2. Description of the Model

Extending the grid cell model to cater for uncertainty in vector data involves the creation of two separate, normally distributed, random error grids in the x and y coordinate directions. When combined, these grids provide the two components of a set of positional error vectors regularly distributed throughout the region of the data set to be perturbed. The assumptions made by the authors are (1) that the error has a circular normal distribution and (2) that its x and y components are independent. The grids are generated with a mean and standard deviation equal to the producer's estimate for positional error in the data set to be perturbed. These error estimates, for example, might come from the residuals at control points reported during digitiser setup, or from existing data quality statements such as those that often accompany topographic and natural resource data.

Figure 1. The model of vector uncertainty uses error grids in the x and y directions to produce a distorted version of the data set.

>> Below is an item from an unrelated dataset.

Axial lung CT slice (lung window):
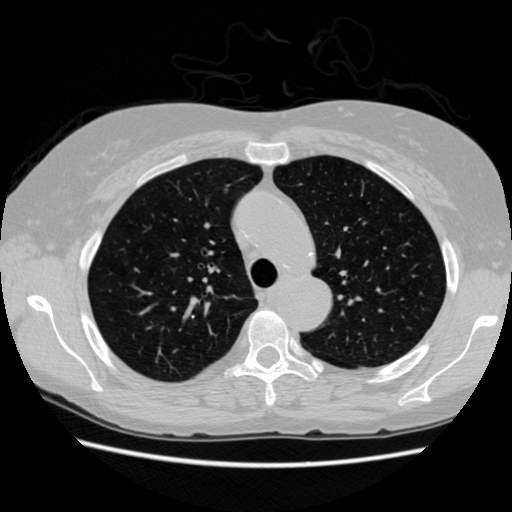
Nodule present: no
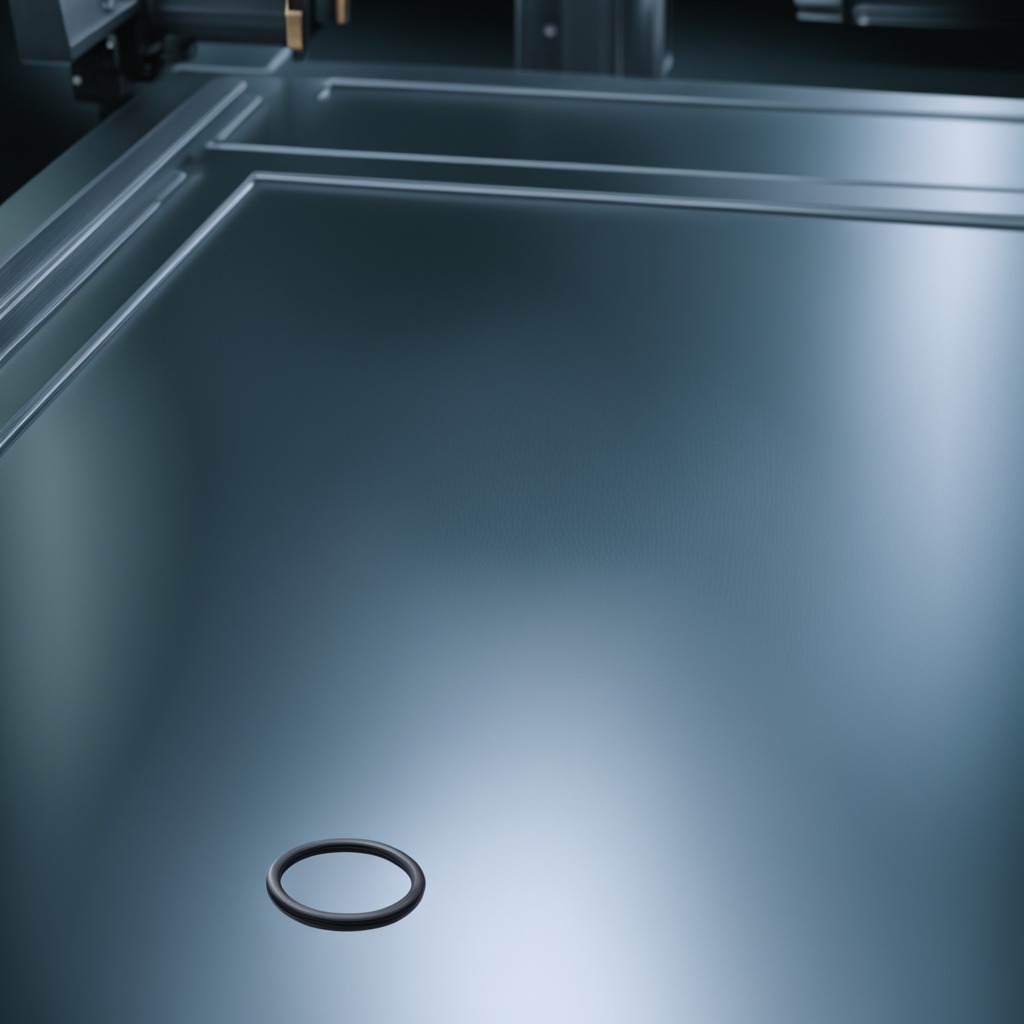
A rubber O-ring is lying on a metal table in a machine shop under fluorescent lights.
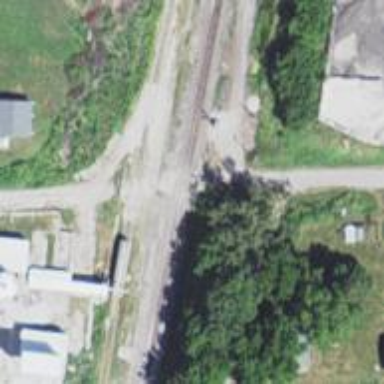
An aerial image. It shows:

By overlaying the two grids with the data set to be distorted (containing either point, line or polygon features), x and y positional shifts can be applied to the coordinates of each point in the data set to create a new, but equally probable, version of it (Figure 1). Thus, the probabilistic coordinates of a point are considered to be (x + error, y + error). With the distorted version of the data, the user then applies the normal processes required to create the final product, and by using a number of these distorted data sets the uncertainty residing in the end product is able to be assessed. Alternatively, several different data sets may be independently distorted prior to being combined to assess the output uncertainty. While the model does require an initial error estimate for creation of the two grids, it is the resultant uncertainty arising from the use of perturbed data (in conjunction with the spatial operations that are subsequently applied) which is under investigation, and hence its label as an 'uncertainty' model.

3. Implementation Issues

3.1 Generation of the Error Grids

The two error grids are created independently, by populating them with normally distributed values having a mean and standard deviation equivalent to the producer's horizontal error estimate for the data set being perturbed. Usually, the mean equals zero and the standard deviation is the same in the x and y directions. In some GIS packages provision exists for creating normally distributed grids (such as the NORMAL function in the Arc Grid software), however it will later be shown that some degree of autocorrelation must be introduced to the process, so that differences in shifts between neighbouring points in the x and y grids are constrained to avoid topological inconsistencies arising in the distorted data.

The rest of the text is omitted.